Conventional wisdom says that workaholics are tight-lipped, grim, driven personalities who can’t pull themselves away from work until they collapse from burnout. New research says it ain’t necessarily so.
Enter the concept of “engaged workaholics” — people who throw themselves into their work simply because they love it.
The concept sprung from the research of Wilmar Schaufeli, professor of work and organizational psychology at Utrecht University in the Netherlands.
The study was published in a recent issue of the Journal of Occupational Health Psychology.

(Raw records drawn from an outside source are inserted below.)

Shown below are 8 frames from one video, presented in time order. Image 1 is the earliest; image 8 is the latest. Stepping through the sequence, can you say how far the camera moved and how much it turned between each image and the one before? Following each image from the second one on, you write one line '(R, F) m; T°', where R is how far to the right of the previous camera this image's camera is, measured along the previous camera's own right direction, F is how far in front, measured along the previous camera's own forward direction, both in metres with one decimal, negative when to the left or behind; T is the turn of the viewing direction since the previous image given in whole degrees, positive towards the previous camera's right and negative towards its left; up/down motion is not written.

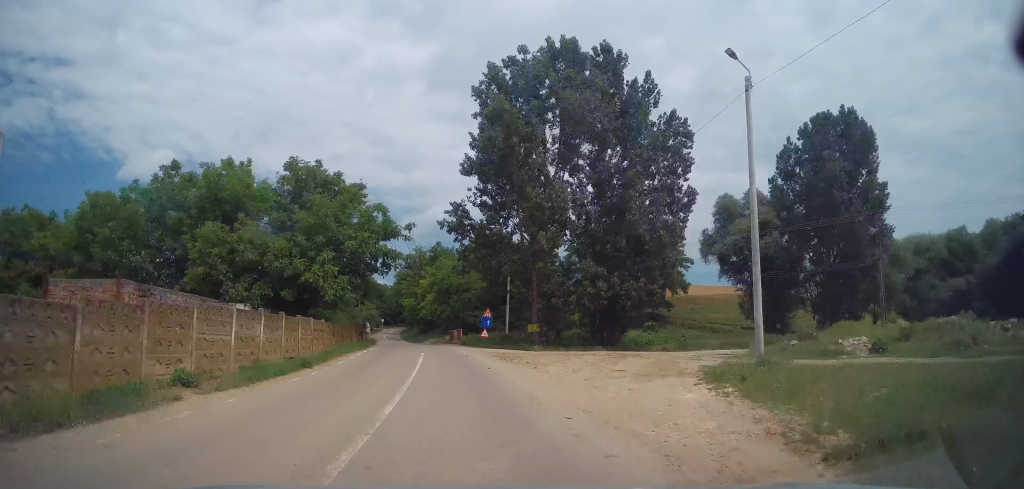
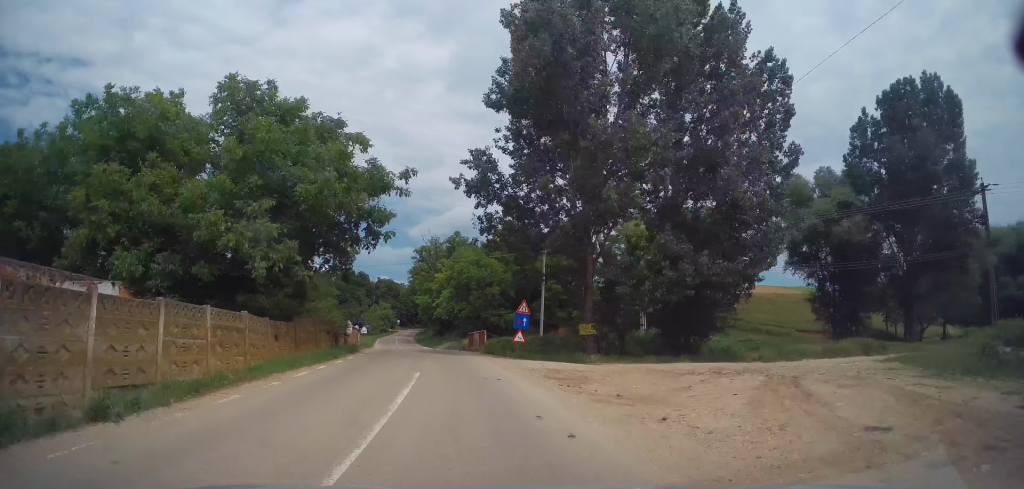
(-0.2, +10.9) m; -2°
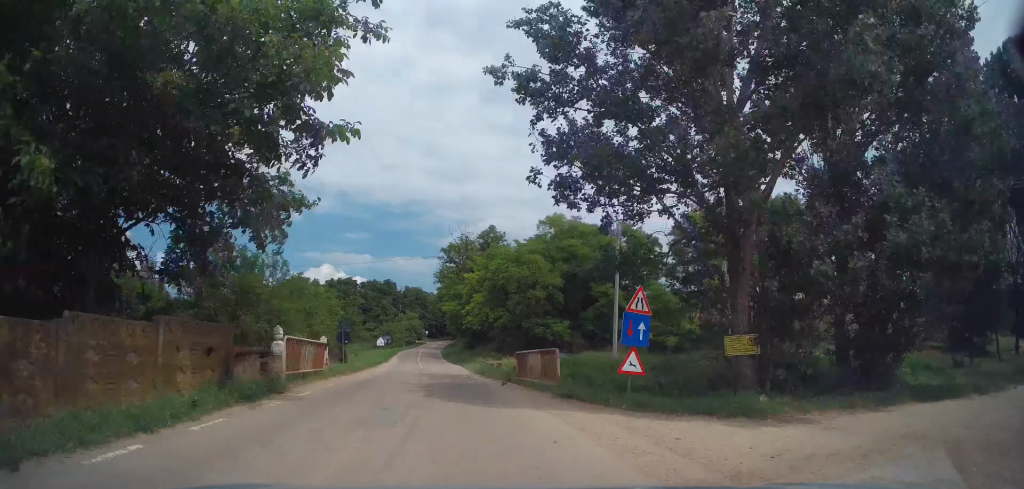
(-0.2, +12.3) m; -3°
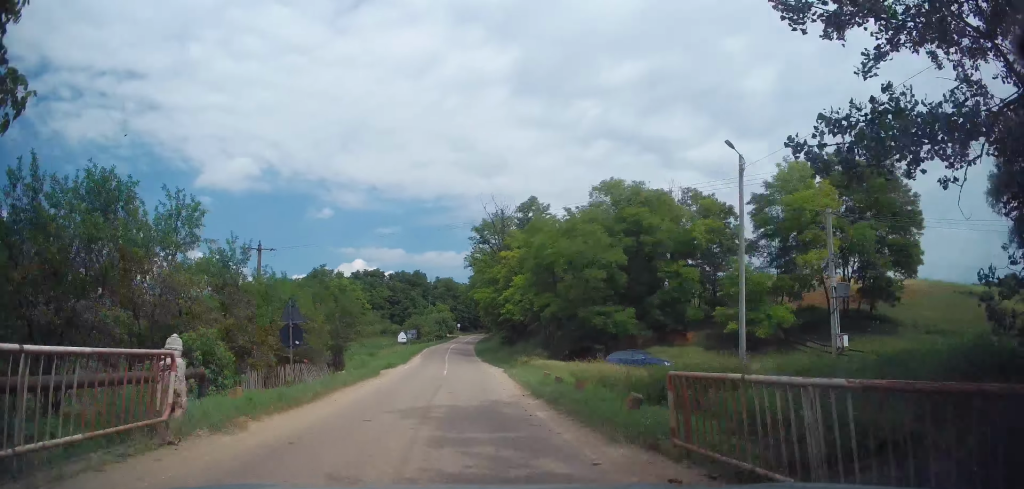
(-0.3, +11.1) m; -3°
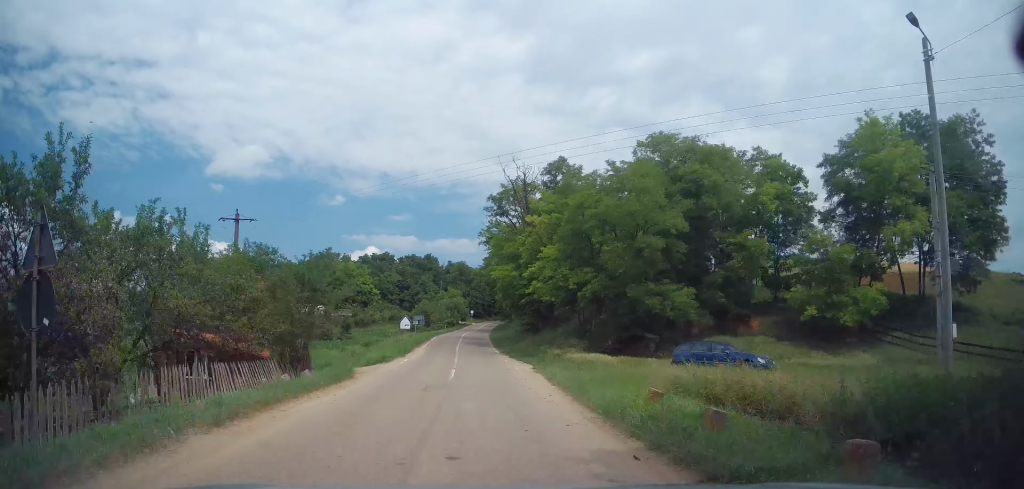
(-0.2, +8.7) m; -2°
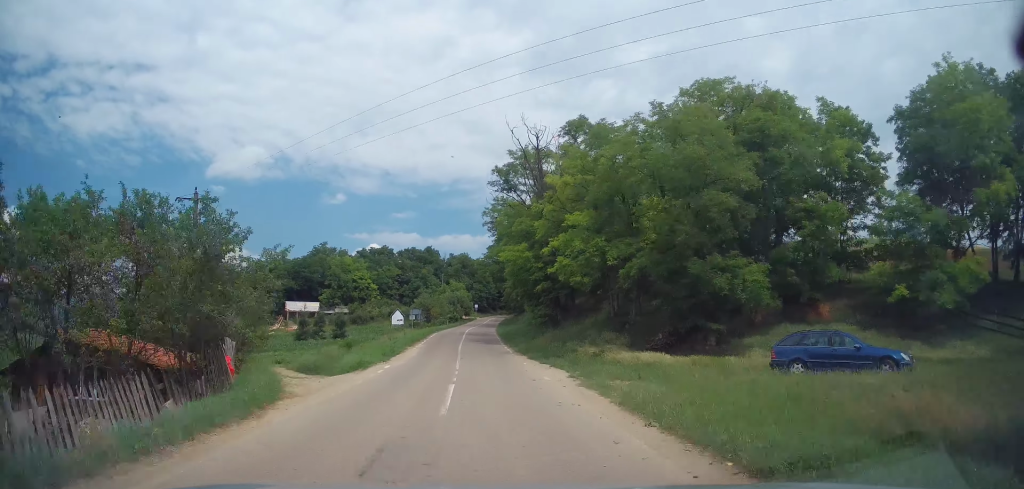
(0.0, +7.5) m; -1°
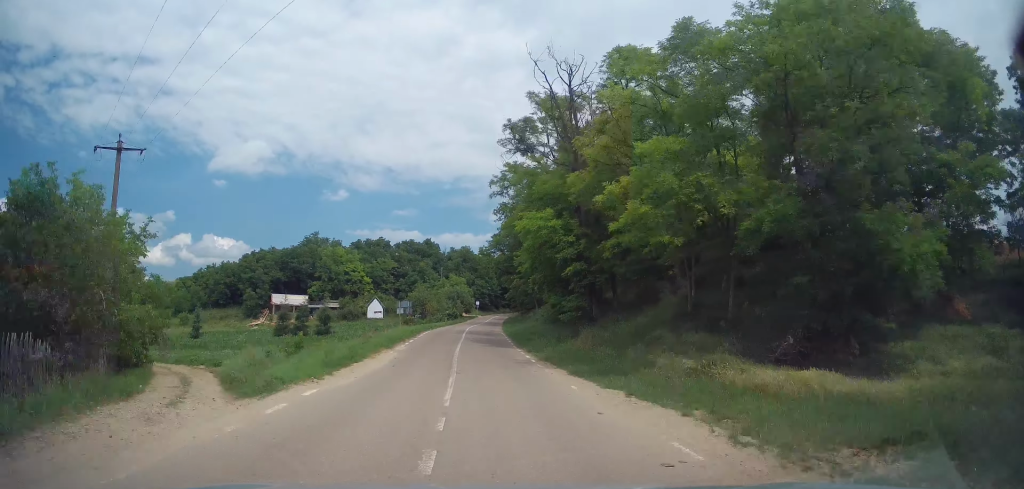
(-0.1, +9.6) m; -1°
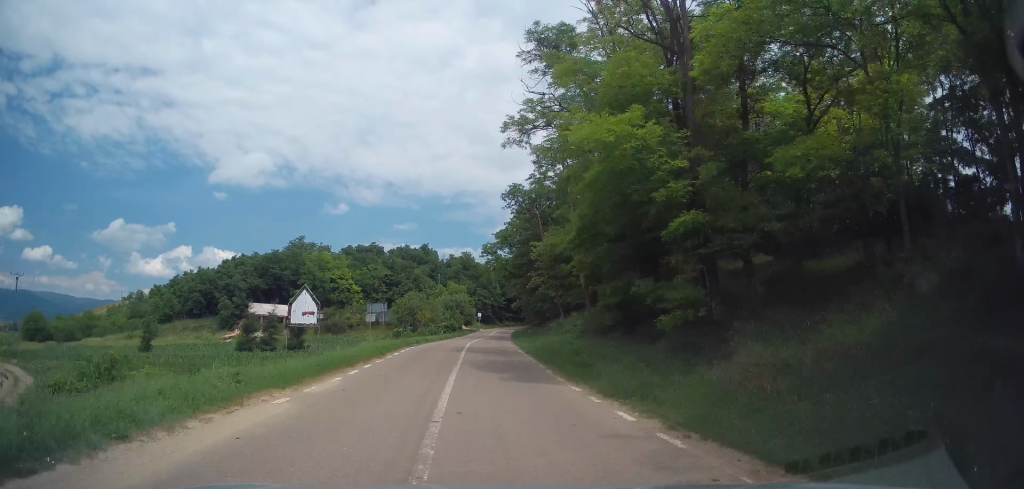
(-0.2, +13.1) m; 0°

Schaufeli and his team studied a group of 1,246 Dutch workers and came up with four distinct categories of employees:
- the slackers
- engaged workers
- the classic workaholics, and
- engaged workaholics.
And guess what? The engaged workaholics — people who worked really hard because they loved their jobs — had far less burnout and stress issues than the workaholics who drove themselves for external reasons like prestige, pay and plain old guilt.
Schaufeli, quoted in a recent Los Angeles Times story, said that classic workaholics are “pushed” to their work; engaged workaholics are “pulled” to theirs.
“When a workaholic is not working, he feels guilty and restless,” Schafeli says in the Times story. “To avoid those negative feelings, he starts to work. This is totally different than when you work intensely because you like the job.”